- _Aim of the task_
Only the pictures are to be left out; return the rest of the data exactly as it stands.

- _Data supplied_
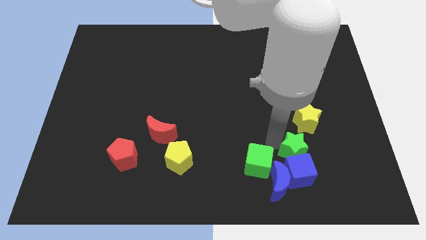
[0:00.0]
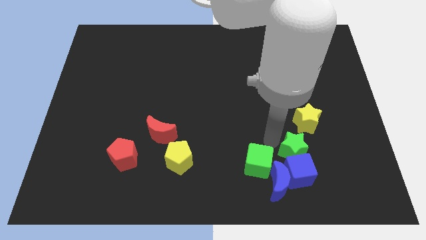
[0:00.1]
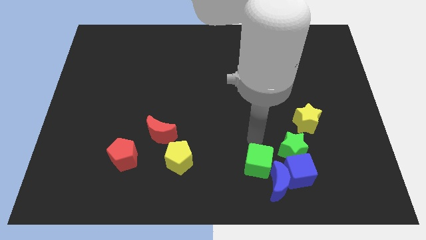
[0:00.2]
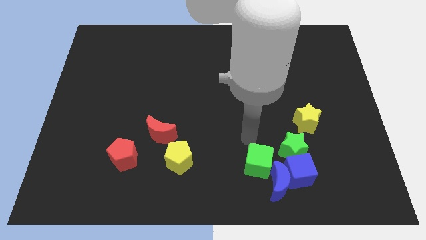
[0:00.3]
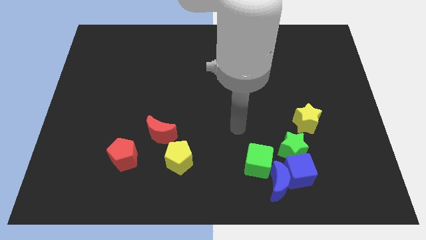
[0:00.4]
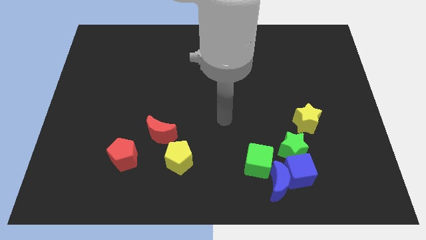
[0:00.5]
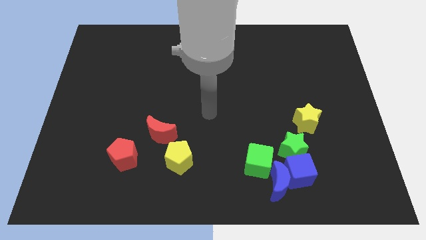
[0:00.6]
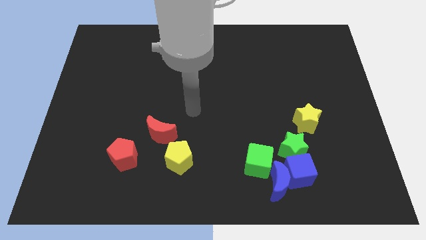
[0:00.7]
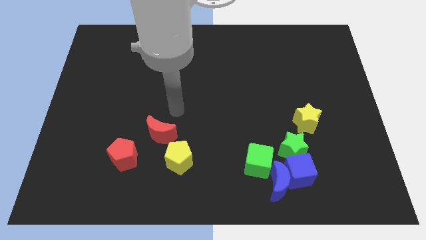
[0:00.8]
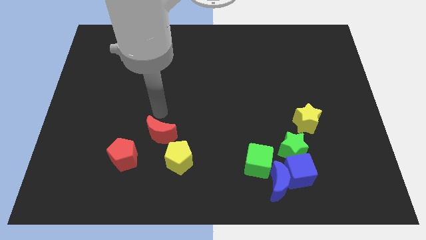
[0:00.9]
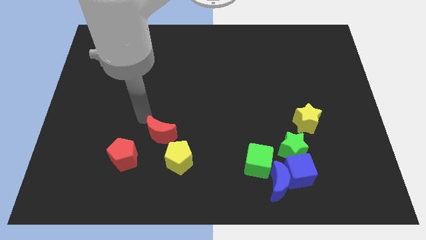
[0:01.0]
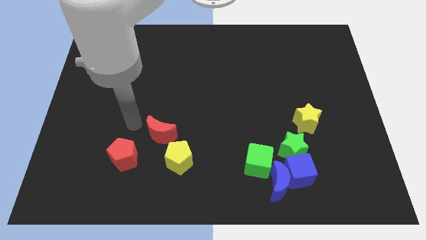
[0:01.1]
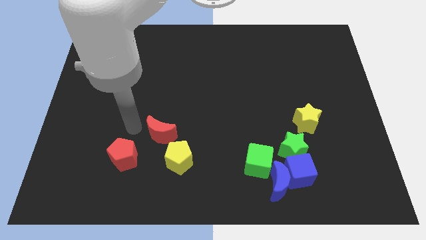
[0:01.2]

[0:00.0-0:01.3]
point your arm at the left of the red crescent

- _Result_
[0:00.0]
[0:00.1]
[0:00.2]
[0:00.3]
[0:00.4]
[0:00.5]
[0:00.6]
[0:00.7]
[0:00.8]
[0:00.9]
[0:01.0]
[0:01.1]
[0:01.2]

[0:00.0-0:01.3]
point your arm at the left of the red crescent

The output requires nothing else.